▸ **PROBLEM REQUIREMENTS**
Every line containing the word "Normal" is to be copied from the data below.

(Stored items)
+===+
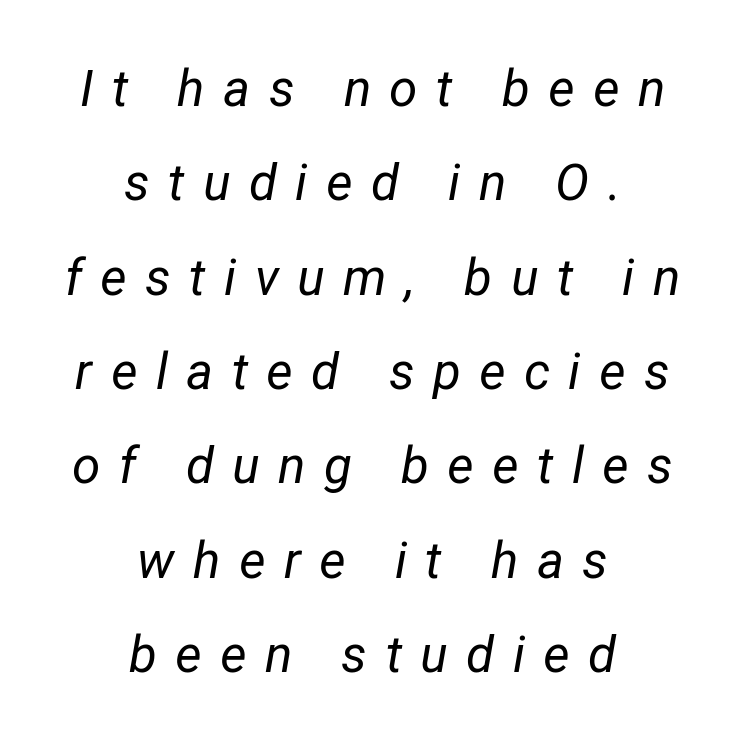
The image shows 51 px regular-weight type, italic (leaning right); set centered, line spacing 1.85x, unusually wide letter spacing (+0.36 em), not underlined; low stroke contrast and a medium x-height.
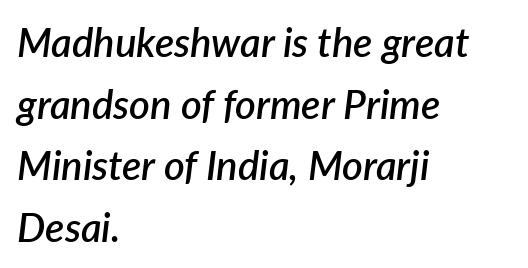
Q: Is the text bold? A: Semi-bold.
Q: Is the text italic (slanted)? A: Yes, it leans right by about 7 degrees.
Q: Is the text underlined? A: No.
Q: How is the paragraph aligned? A: Left-aligned.
Q: Is the spacing between letters normal or unusually wide? A: Normal.
Q: Is the spacing between lines tight, normal or loose? A: Normal.
Q: Width (condensed, normal, or wide)? A: Normal.
Q: Stroke contrast? A: Low.
Q: x-height? A: Medium.
Q: Monospaced? A: No.
+===+
▸ **OUTPUT OF THE EXERCISE**
Q: Is the spacing between letters normal or unusually wide? A: Normal.
Q: Is the spacing between lines tight, normal or loose? A: Normal.
Q: Width (condensed, normal, or wide)? A: Normal.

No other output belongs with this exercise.